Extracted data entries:
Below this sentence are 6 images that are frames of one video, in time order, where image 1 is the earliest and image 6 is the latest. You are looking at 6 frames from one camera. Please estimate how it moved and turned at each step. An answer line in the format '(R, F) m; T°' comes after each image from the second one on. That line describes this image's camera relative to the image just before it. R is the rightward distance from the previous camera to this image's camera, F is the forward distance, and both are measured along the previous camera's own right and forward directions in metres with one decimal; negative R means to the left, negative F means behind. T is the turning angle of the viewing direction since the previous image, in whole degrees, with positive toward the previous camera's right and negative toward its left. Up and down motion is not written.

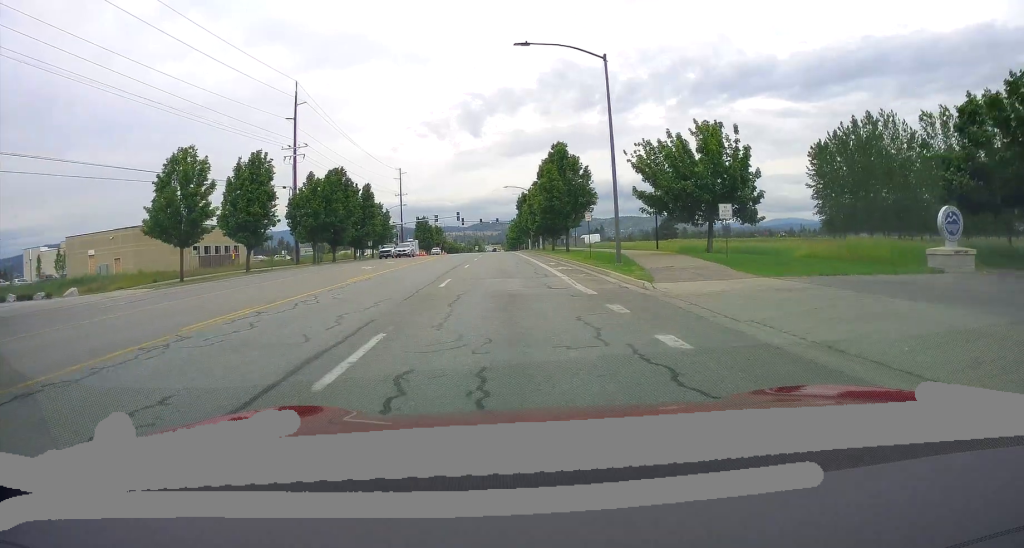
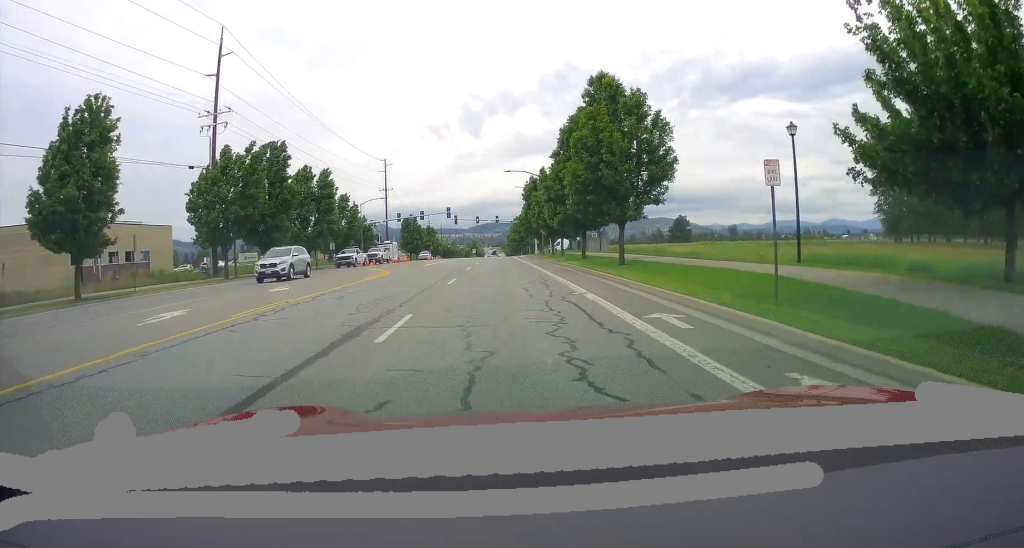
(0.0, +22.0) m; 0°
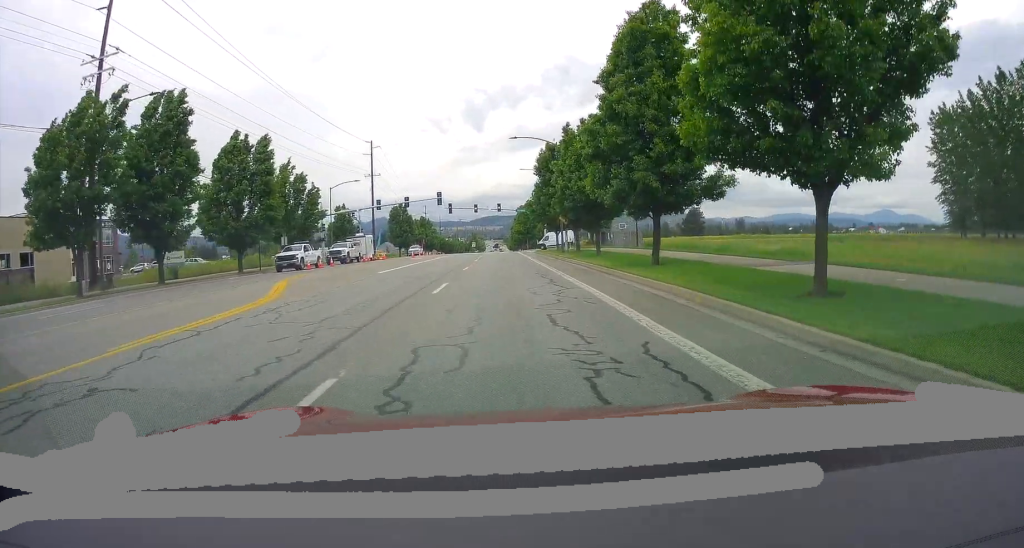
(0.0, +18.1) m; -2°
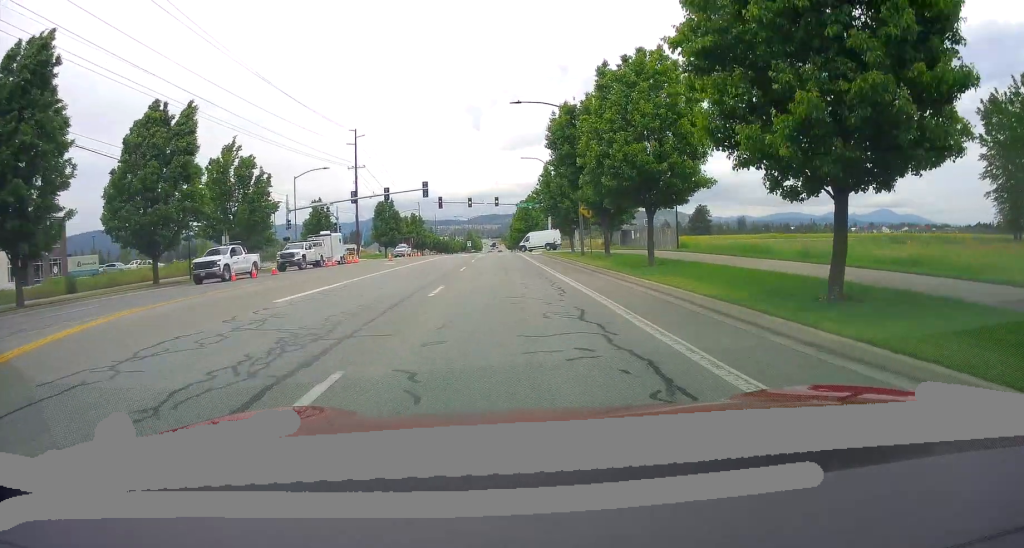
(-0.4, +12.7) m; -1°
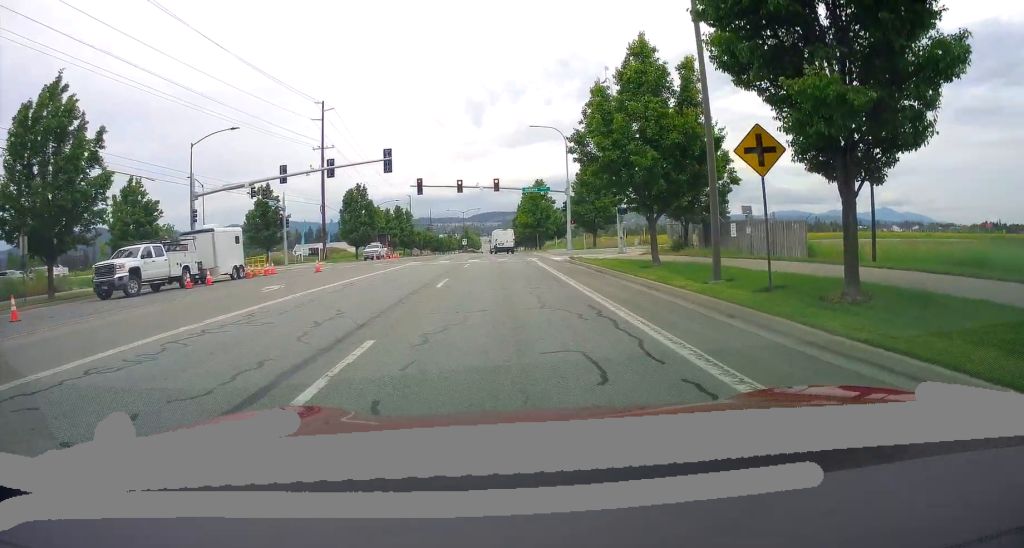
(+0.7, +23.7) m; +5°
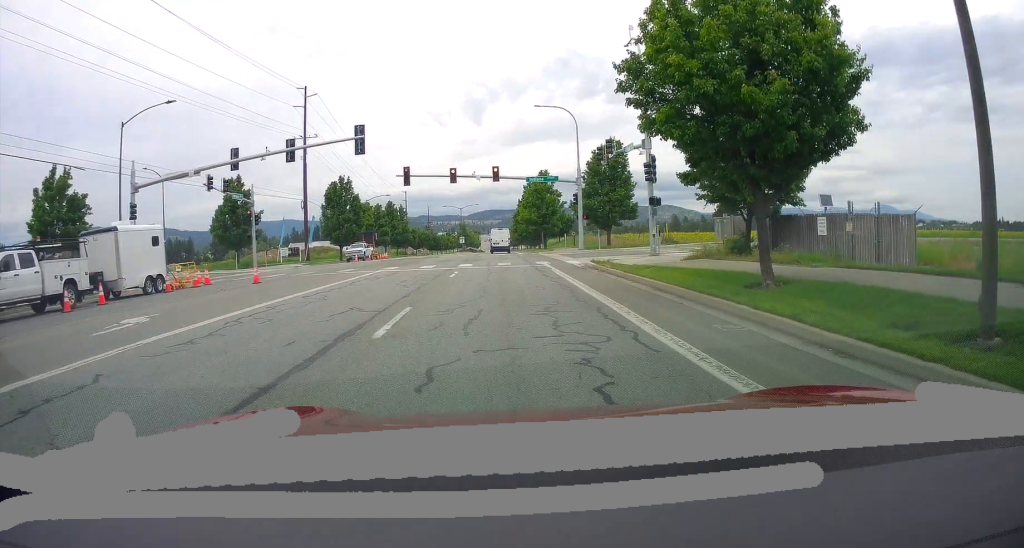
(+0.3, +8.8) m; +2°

Required action:
Copy each entry exactly, with no pictures.

Result of the task:
Below this sentence are 6 images that are frames of one video, in time order, where image 1 is the earliest and image 6 is the latest. You are looking at 6 frames from one camera. Please estimate how it moved and turned at each step. An answer line in the format '(R, F) m; T°' comes after each image from the second one on. That line describes this image's camera relative to the image just before it. R is the rightward distance from the previous camera to this image's camera, F is the forward distance, and both are measured along the previous camera's own right and forward directions in metres with one decimal; negative R means to the left, negative F means behind. T is the turning angle of the viewing direction since the previous image, in whole degrees, with positive toward the previous camera's right and negative toward its left. Up and down motion is not written.

(0.0, +22.0) m; 0°
(0.0, +18.1) m; -2°
(-0.4, +12.7) m; -1°
(+0.7, +23.7) m; +5°
(+0.3, +8.8) m; +2°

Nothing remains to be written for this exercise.